# Raw data
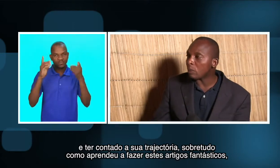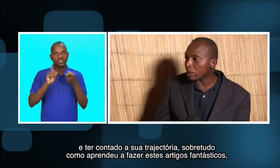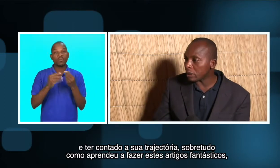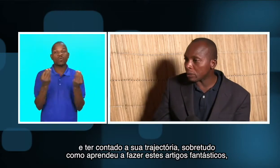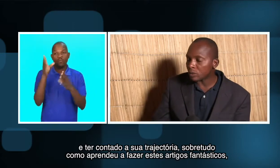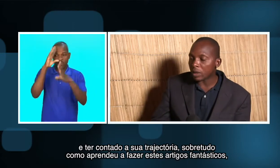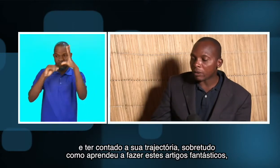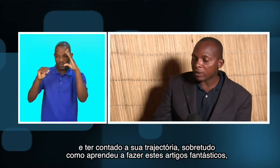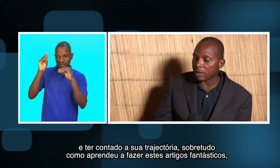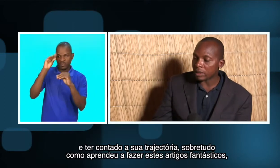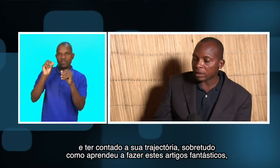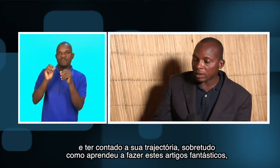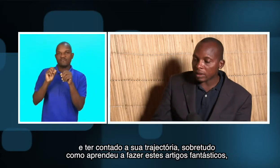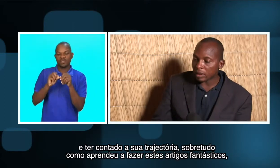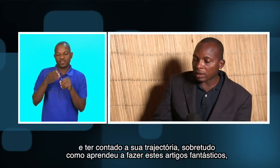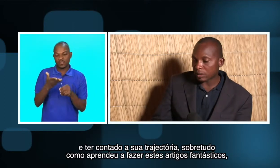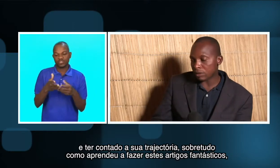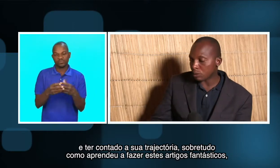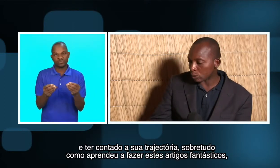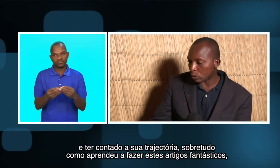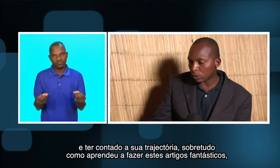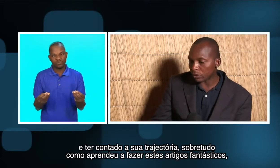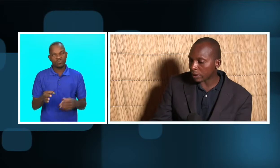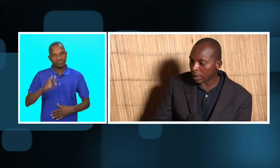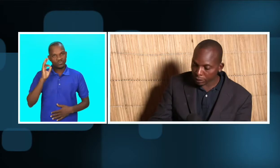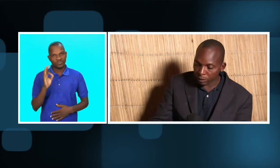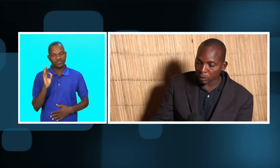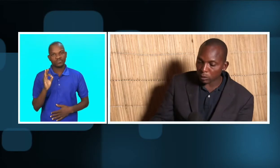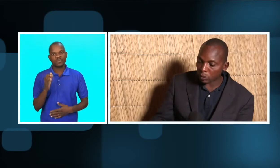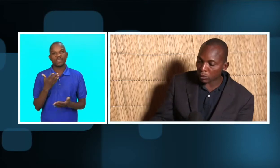aprendeu, a fazer, esses produtos, fantásticos, produtos,
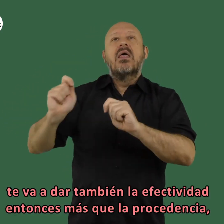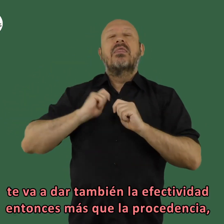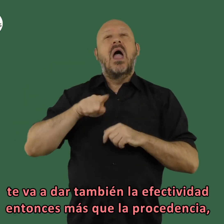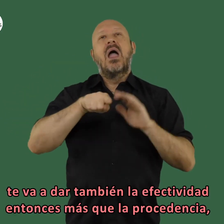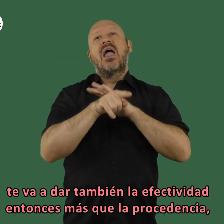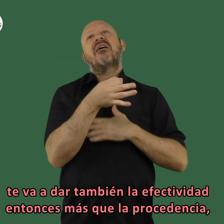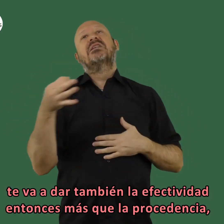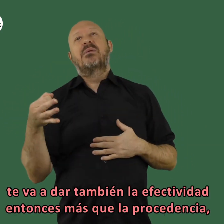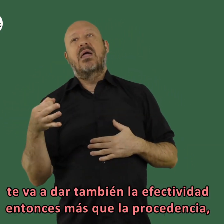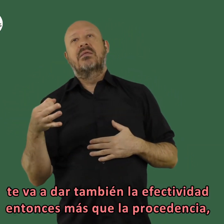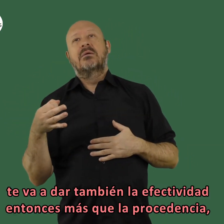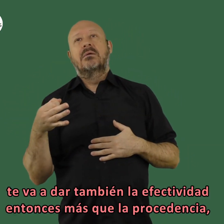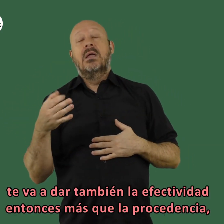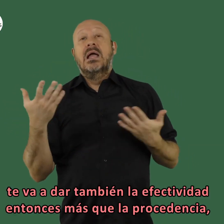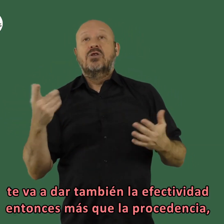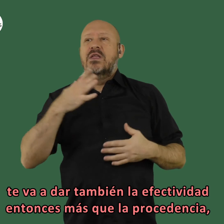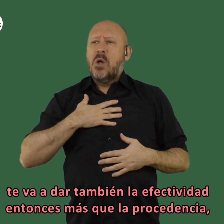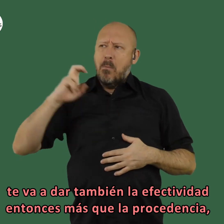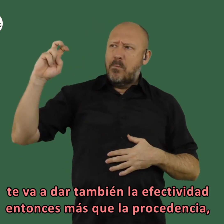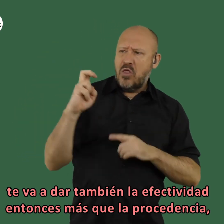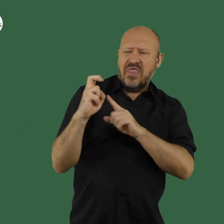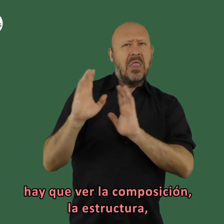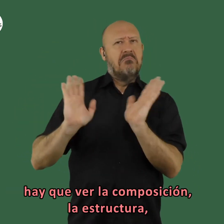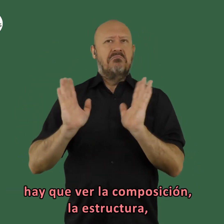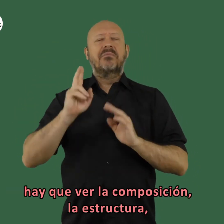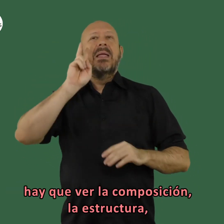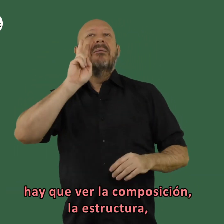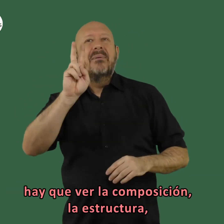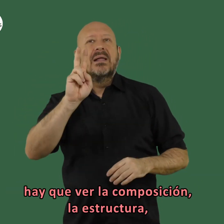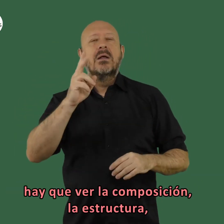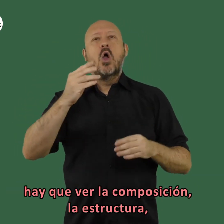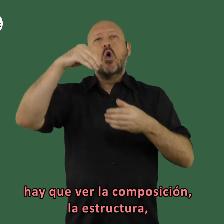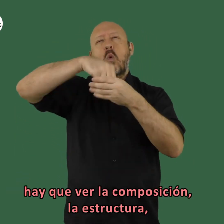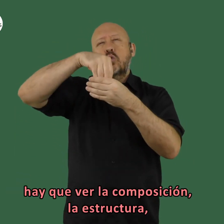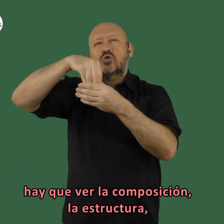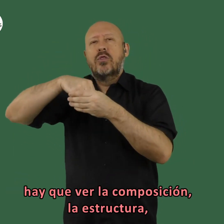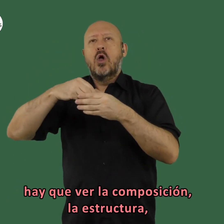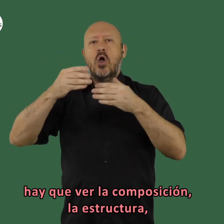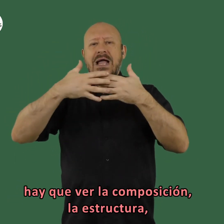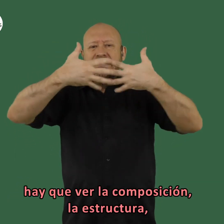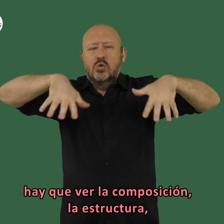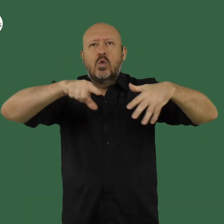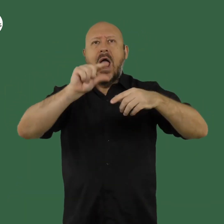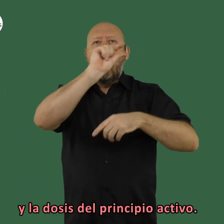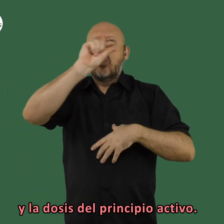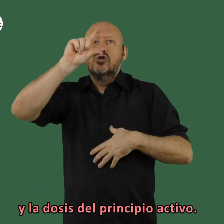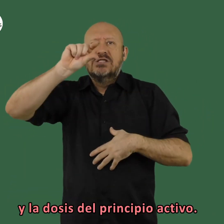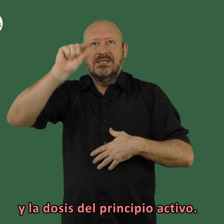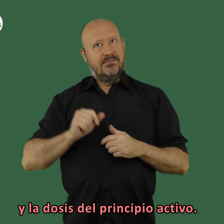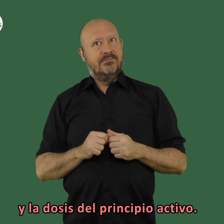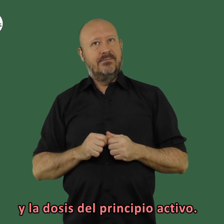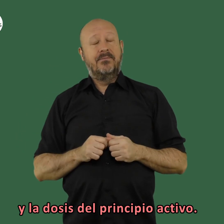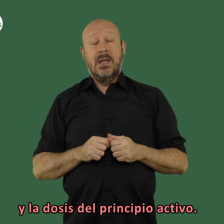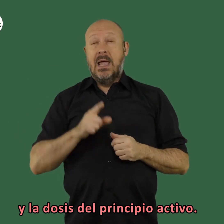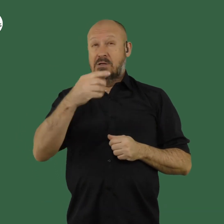dar también la efectividad entonces más que la procedencia es hay que ver la composición la estructura y la
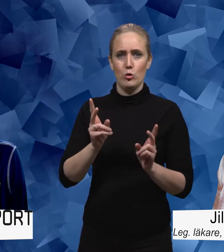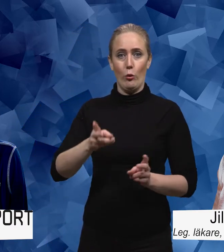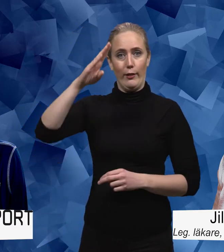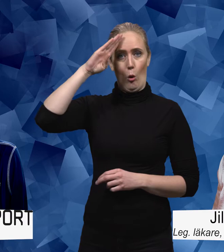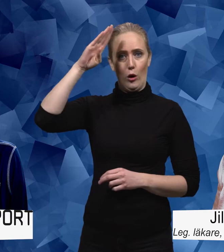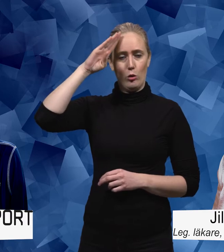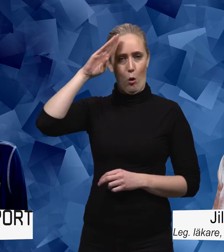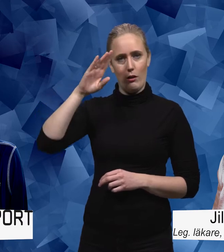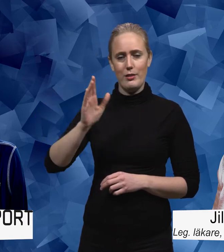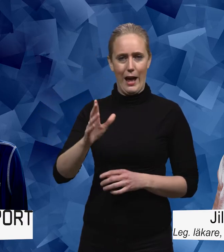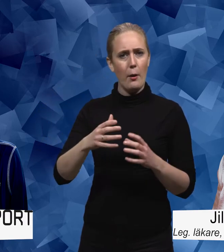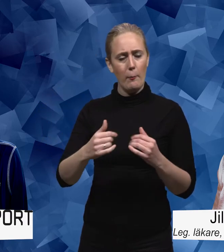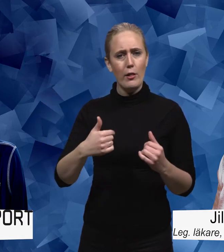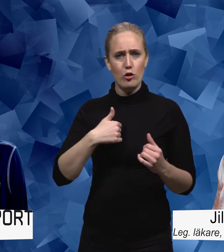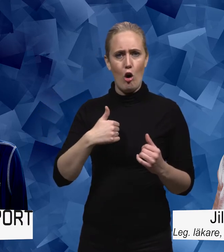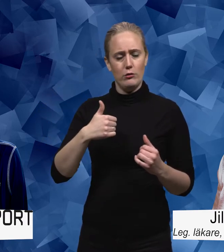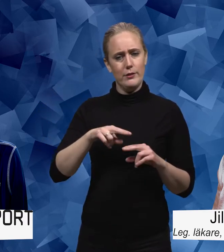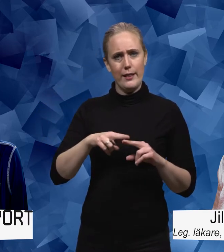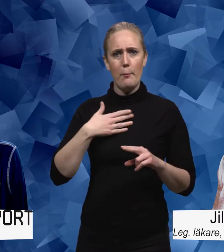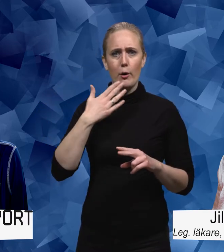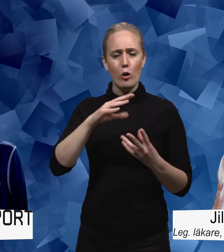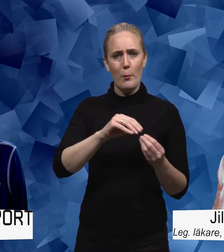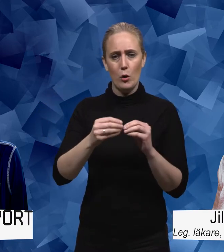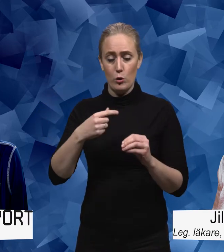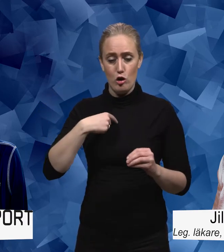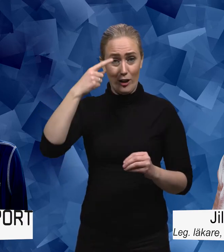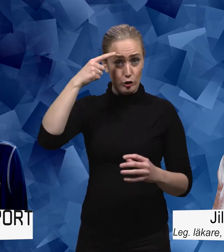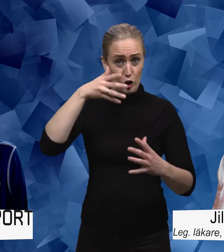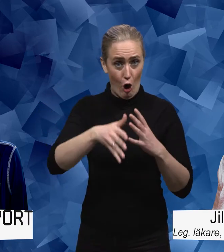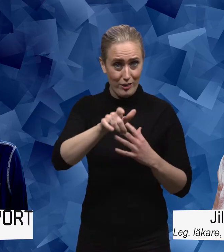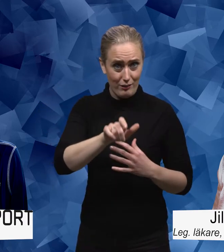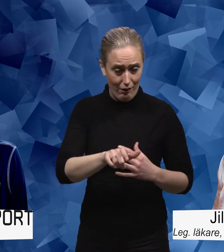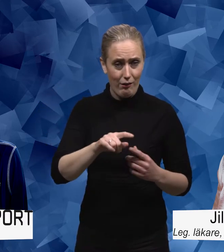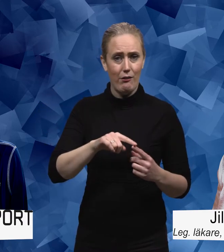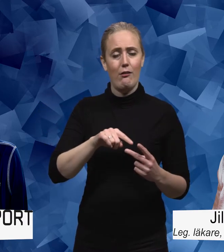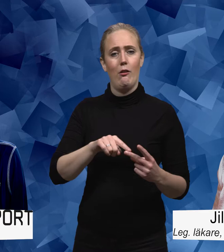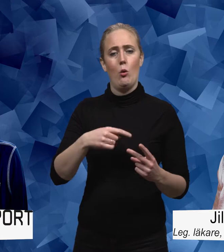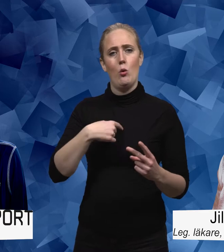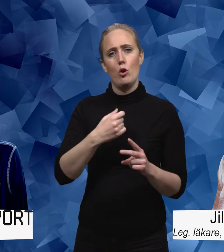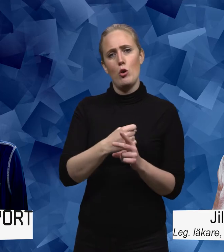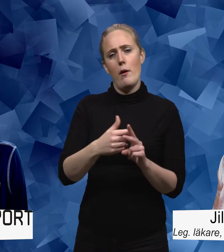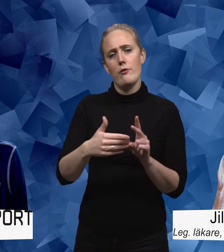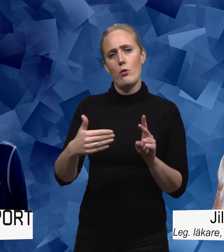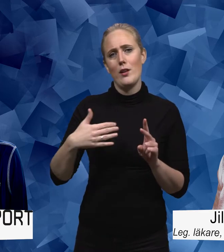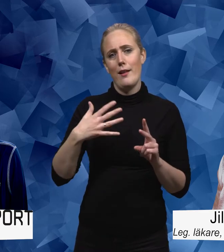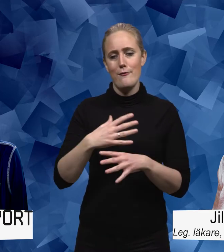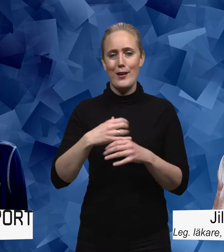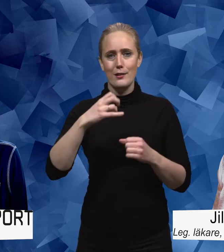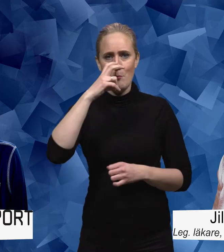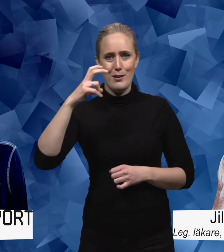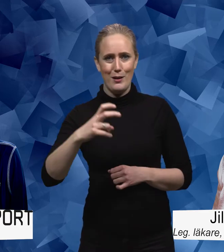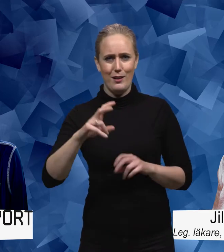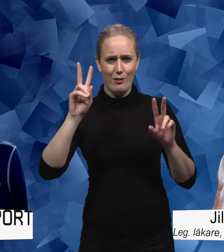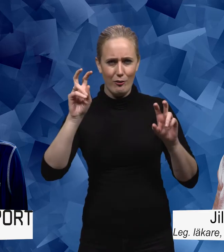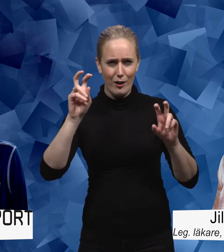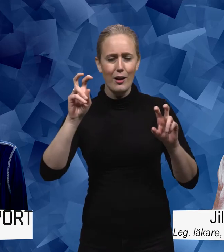vara doktor. Men för mig har det blivit en bra kombination att vara psykiatriker och att jobba från ett friskt håll.

# What to do
Write the data above out again exactly, minus its pictures.

# Answer space
aprendeu, a fazer, esses produtos, fantásticos, produtos,
dar también la efectividad entonces más que la procedencia es hay que ver la composición la estructura y la
vara doktor. Men för mig har det blivit en bra kombination att vara psykiatriker och att jobba från ett friskt håll.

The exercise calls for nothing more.